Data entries
◆ ◆ ◆
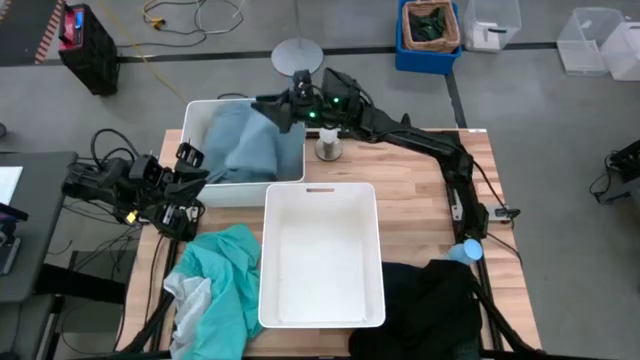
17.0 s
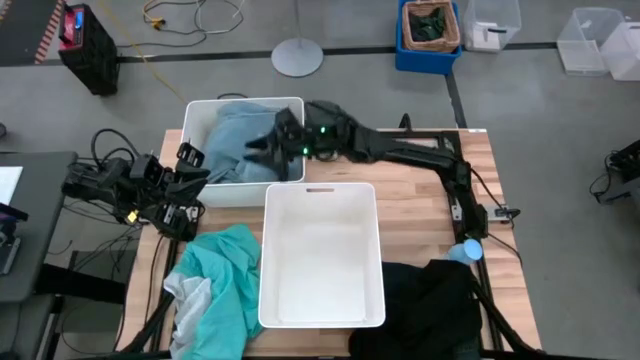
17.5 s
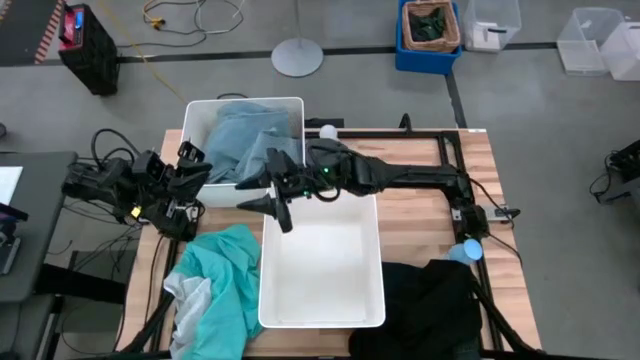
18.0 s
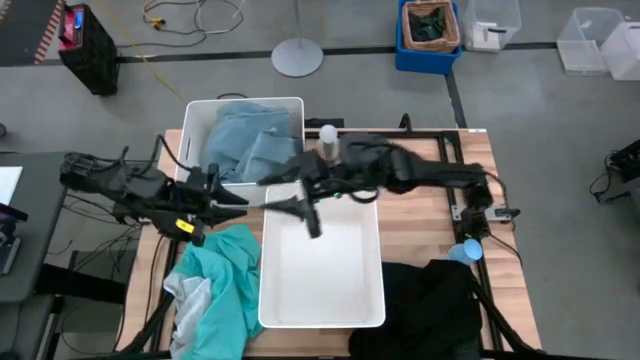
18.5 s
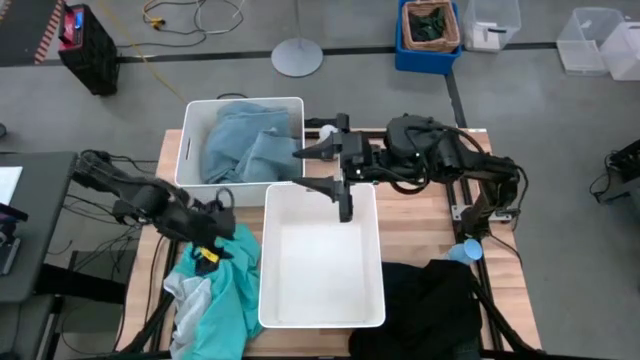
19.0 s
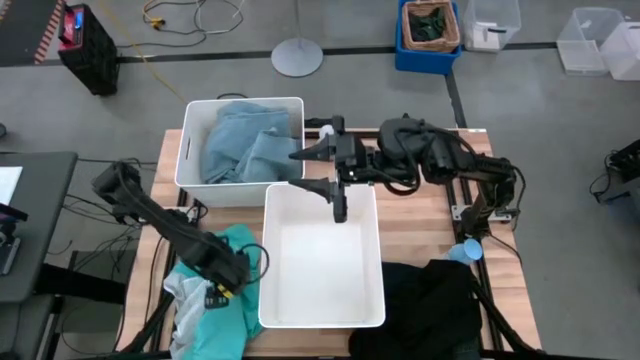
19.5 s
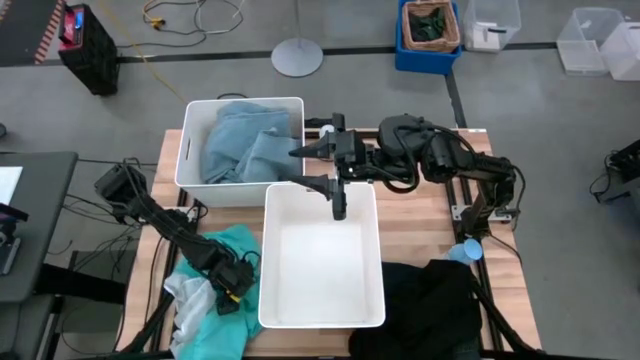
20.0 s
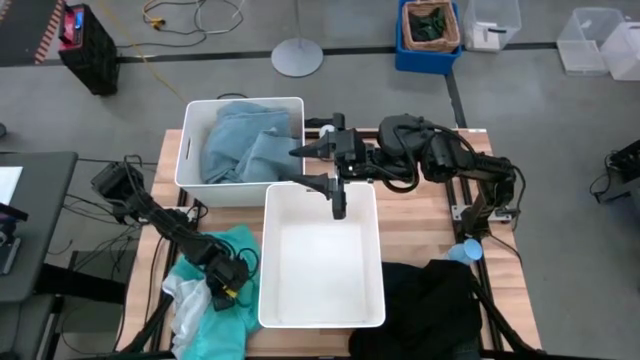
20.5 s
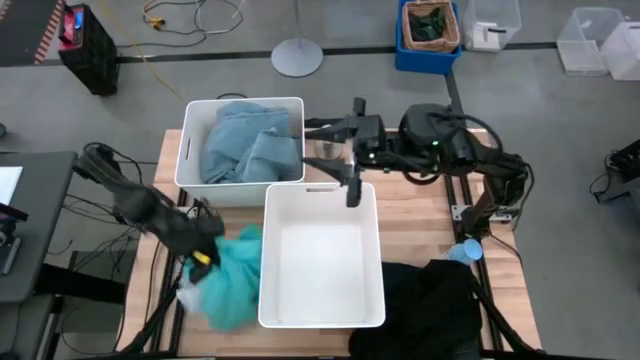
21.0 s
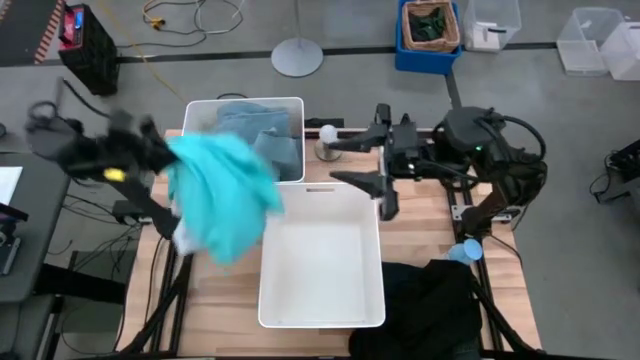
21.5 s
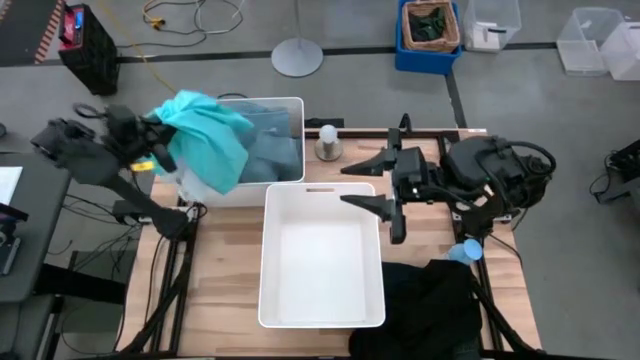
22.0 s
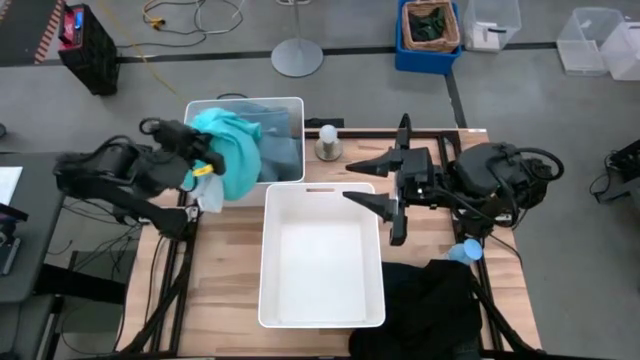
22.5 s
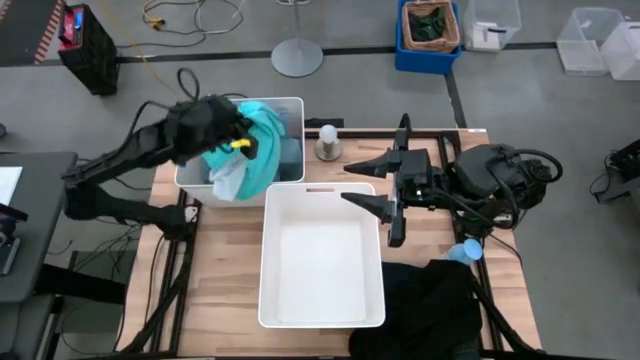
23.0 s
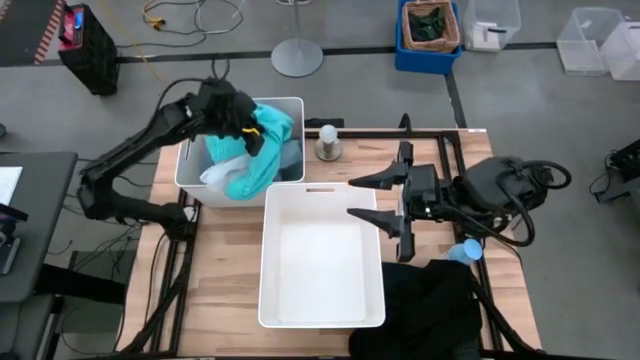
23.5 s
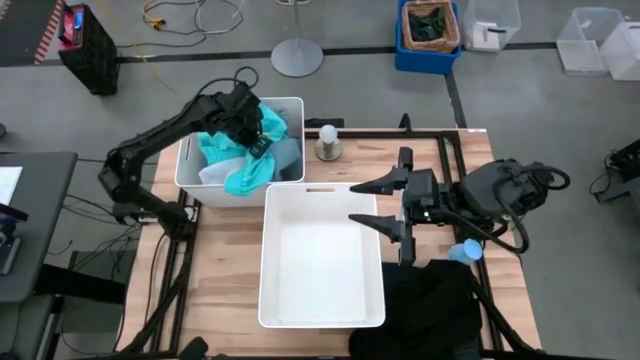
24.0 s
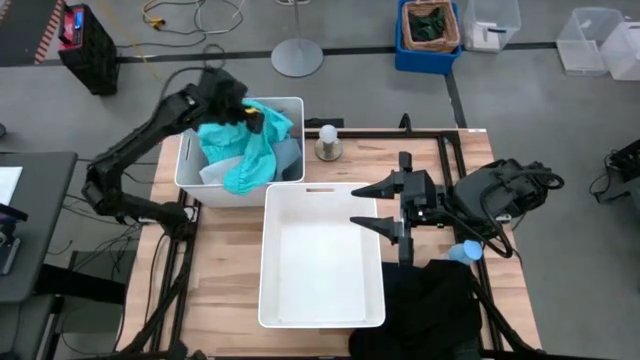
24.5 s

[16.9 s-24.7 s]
Task: Sort clothes
Put light blue shorts into the top white bin
◆ ◆ ◆
Write out the records above exactly. Pictures do not belong in the copy.

17.0 s
17.5 s
18.0 s
18.5 s
19.0 s
19.5 s
20.0 s
20.5 s
21.0 s
21.5 s
22.0 s
22.5 s
23.0 s
23.5 s
24.0 s
24.5 s

[16.9 s-24.7 s]
Task: Sort clothes
Put light blue shorts into the top white bin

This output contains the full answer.